I don't run a dry patch at that time. I leave it "wet" with the Ballistol from that wet patch until I take it out to go shooting the next time. At that point I run a quick dry patch down the bore and shove a pipe cleaner through the touch hole. With percussion guns just run the dry patch quickly and when you get to the range clear the nipple and firing passage with a cap or two.
 
Soap in the water keeps the stuff you have removed in suspension in the water, very hot water heats the steel so that the remaining water evaporates quickly once removed from the water bath and wiped down. The only time I have ever witnessed flash rust on steel was with freshly ground mild steel exposed to cold water. I think that if a weapon has been wiped down with any type of lube that flash rust will not occur. If you get it wet, lay it aside and not dry or wipe it with any type of preservative you will probably get oxidation.
 
I use hot soapy water with a few sprays of balastol into the bucket.

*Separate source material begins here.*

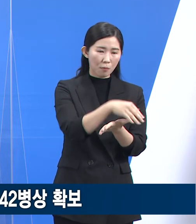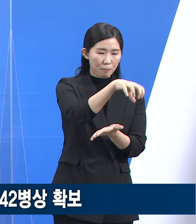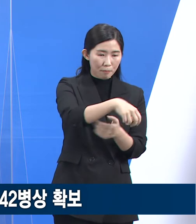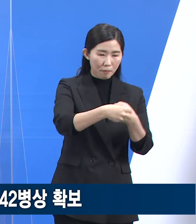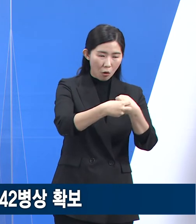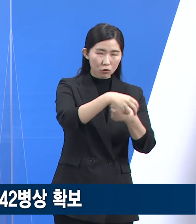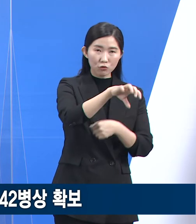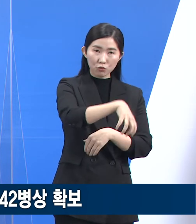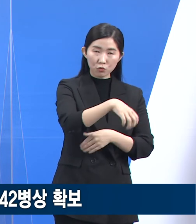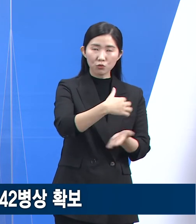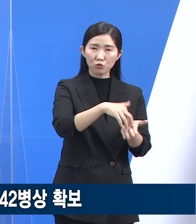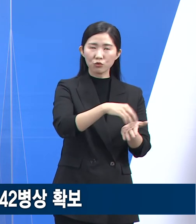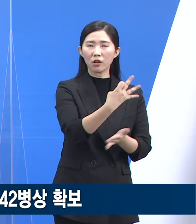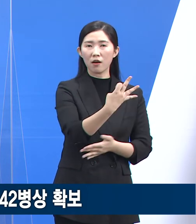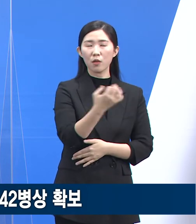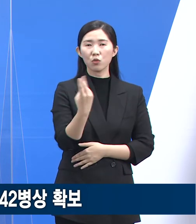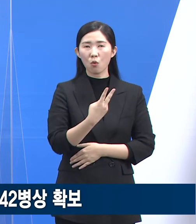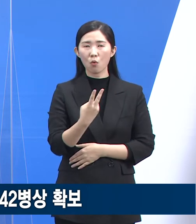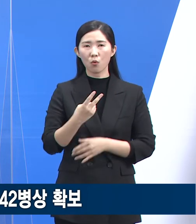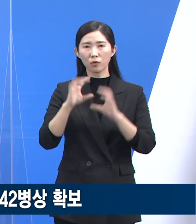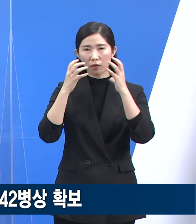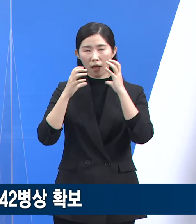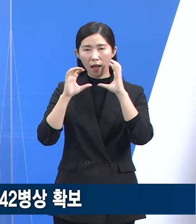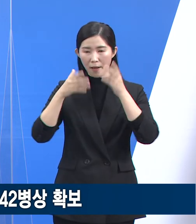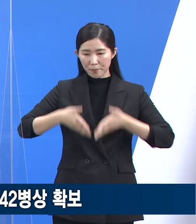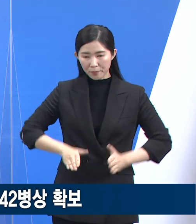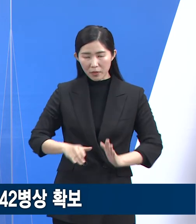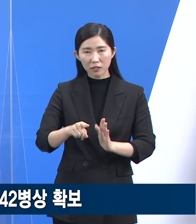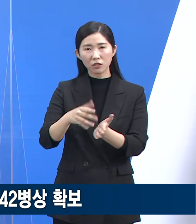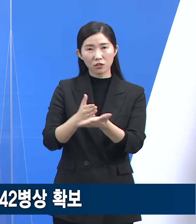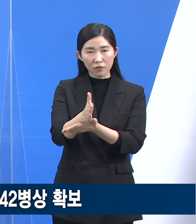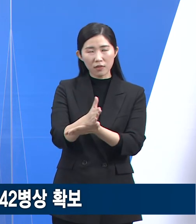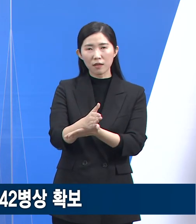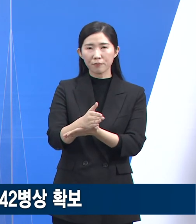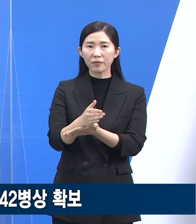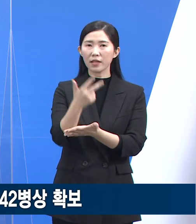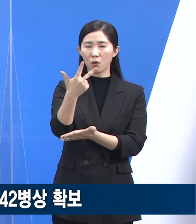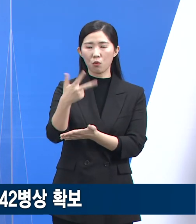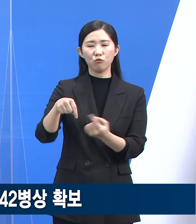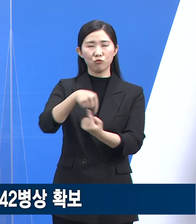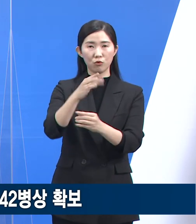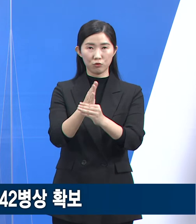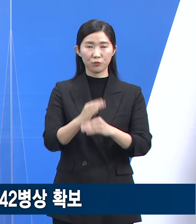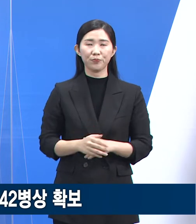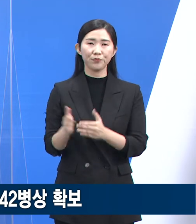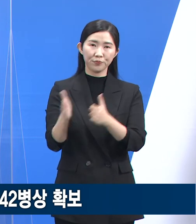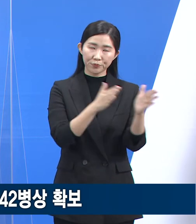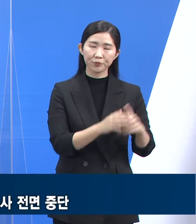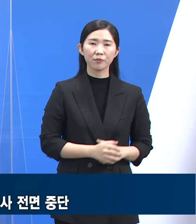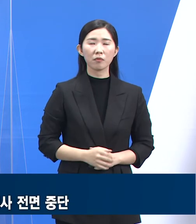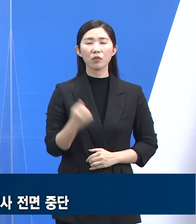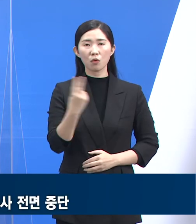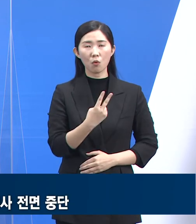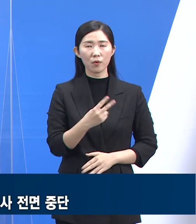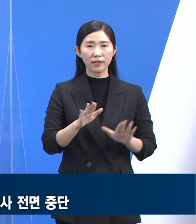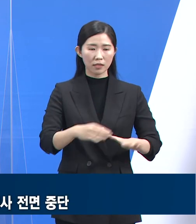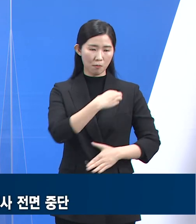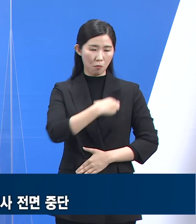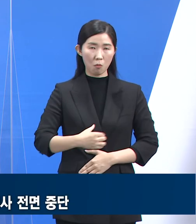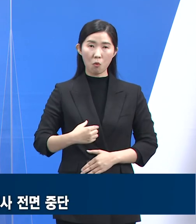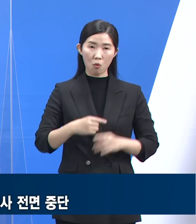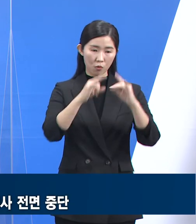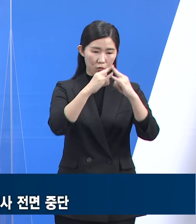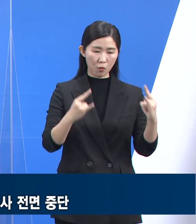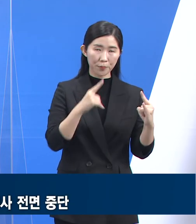코로나19 확진자 전담 응급실은 7개소를 운영하고 있습니다. 다음은 선별진료소, 임시선별검사소, 신속항원검사 관련입니다.

The soap foams up the water when the balastol hits the suds disapear and the water turns white.

The best part the balastol has an oil in it so when the water evaporates the balastol leaves a oil behind and it doesnt rust at all.

Ive tried cold water and it doesnt seem to cut the fouling like the hot water does.

I still use bore butter and it leaves a greasy sludge behind. The borebutter mixes in with the fouling.

Im thinking about skipping the bore butter as well. I just use a little on the corners of the chambers. I dont completly seal the chamber over the ball
 
Yes it mixes with water but it doesn't suck it out of the air. And in fact if you clean a black powder gun with "moose milk" made from Ballistol in water the water content does a fine job of removing the fouling and afterwards the water in the MM dries away and leave ONLY the oil behind. Which then protects the steel just fine.